What funny jokes about three sins you can tell and make people laugh? An example I can give is a clean 3 sisters jokes that will for sure put a smile on everyones mouth and help you make three sins pranks.

Boy goes to confession and tells the priest he has been with a girl of loose morals.

"That's a grievous sin," the priest says. "Tell me: Was it Mary O'Hara?"
"No, Father."
"Was it Kate Dannaher?"
"No, Father."
"Was it Kathleen McGonigle?"
"No, Father. I don't want to say who it was."
Later, as the boy leaves the church, he sees a friend, who asks him, "How'd it go?"
He answers, "Well, I got ten Hail Marys, five Our Fathers... and three great leads."

Three men die, and go to the pearly gates...

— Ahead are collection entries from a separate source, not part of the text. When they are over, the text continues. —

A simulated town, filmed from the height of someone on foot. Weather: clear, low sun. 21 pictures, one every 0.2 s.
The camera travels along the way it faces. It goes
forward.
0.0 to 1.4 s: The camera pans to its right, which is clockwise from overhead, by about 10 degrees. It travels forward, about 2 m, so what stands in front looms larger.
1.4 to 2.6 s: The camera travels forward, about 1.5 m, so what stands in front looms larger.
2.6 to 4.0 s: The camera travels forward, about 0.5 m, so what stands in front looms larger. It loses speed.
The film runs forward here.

St. Peter walks up to the firsts, and he says: "You have lived a good life, but you have cheated on your wife many times. Confess here before your friends, and you will be allowed into heaven."
The man says: "I slept with a different woman every week of my ten-year marriage. I beg for forgiveness."
St. Peter forgives him, and gives him a bicycle. He tells him that he must travel for a thousand miles as penance, and think about his sin.
The second man says:"I was married for five years, and I slept with a different woman as a lover each year. I beg for forgiveness."
St. Peter forgives him, and gives him a motorcycle. He tells him that he must travel for a thousand miles as penance, and think about his sin.
The third man says: "I was married for a month, and stayed faithful throughout. Then my wife died, so I committed s**... so I may be with her."
St. Peter tells him: "I know. Follow me." He then leads him to a helicopter, and tells him to enjoy the ride. The man soon enough passes the other two men, who see him land a short distance away. They eventually catch up to him, and see he is crying.
The first two men ask him: "Why are you crying? You have no sins to atone for!"
The third says: "I just saw my wife... She was skateboarding."

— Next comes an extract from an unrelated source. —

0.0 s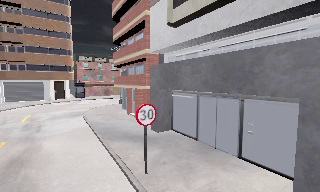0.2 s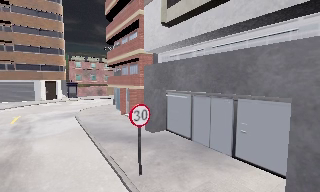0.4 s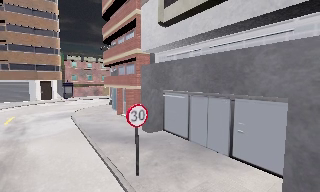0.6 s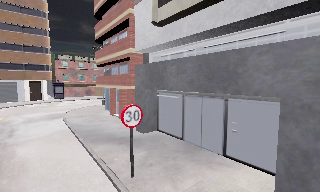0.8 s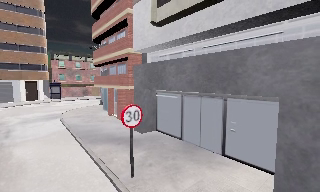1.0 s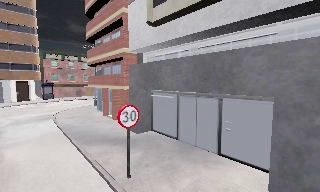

An elderly man walks into a confessional...

An elderly man walks into a confessional. The following conversation ensues Man: "I am 92 years old, have a wonderful wife of 70 years, many children, grandchildren, and great-grandchildren. Yesterday, I picked up two college girls, hitchhiking. We went to a motel, where I had s**... with each of them three times."
Priest: "Are you sorry for your sins?"
Man: "What sins?"
Priest: "What kind of a Catholic are you?"
Man: "I'm Jewish."
Priest: "Why are you telling me all this?"
Man: "I'm 92 years old. I'm telling everybody .

Confession

Matthew goes into a confessional box and says "Bless me father for I have sinned, I have been with a loose woman."
The Priest says "is that you Matthew?"
"Yes father, it is I."
"Who was the woman you were with?"
"I cannot tell you for I do not wish to sully her reputation."
The priest asks "Was it Brenda O'Malley?"
"No father."
"Was it Fiona MacDonald?"
"No father."
"Was it Ann Brown?"
"No father, I cannot tell you."
The priest says "I admire your perseverance but you must atone for your sins. Your penance will be five Our Fathers and four Hail Marys."
Matthew goes back to his pew and his buddy Sean slides over and asks "What did you get?" Matthew replies "I got five Our Fathers, four Hail Marys and three good leads."

Forgive me Father for I have Sinned

A teenage boy goes to confession. Forgive me Father, for I have sinned. I've had premarital s**....
The priest says My son, who was the young lady? Was it Mary O'Toole?
I won't say her name. I don't want her to get in trouble.
Was it Jane Thompson? Laura Smith?
Father, I'm not saying who it was.
He exits the confessional and his friend asks What'd you get?
Ten Hail Mary's, five Our Father's, and three good leads.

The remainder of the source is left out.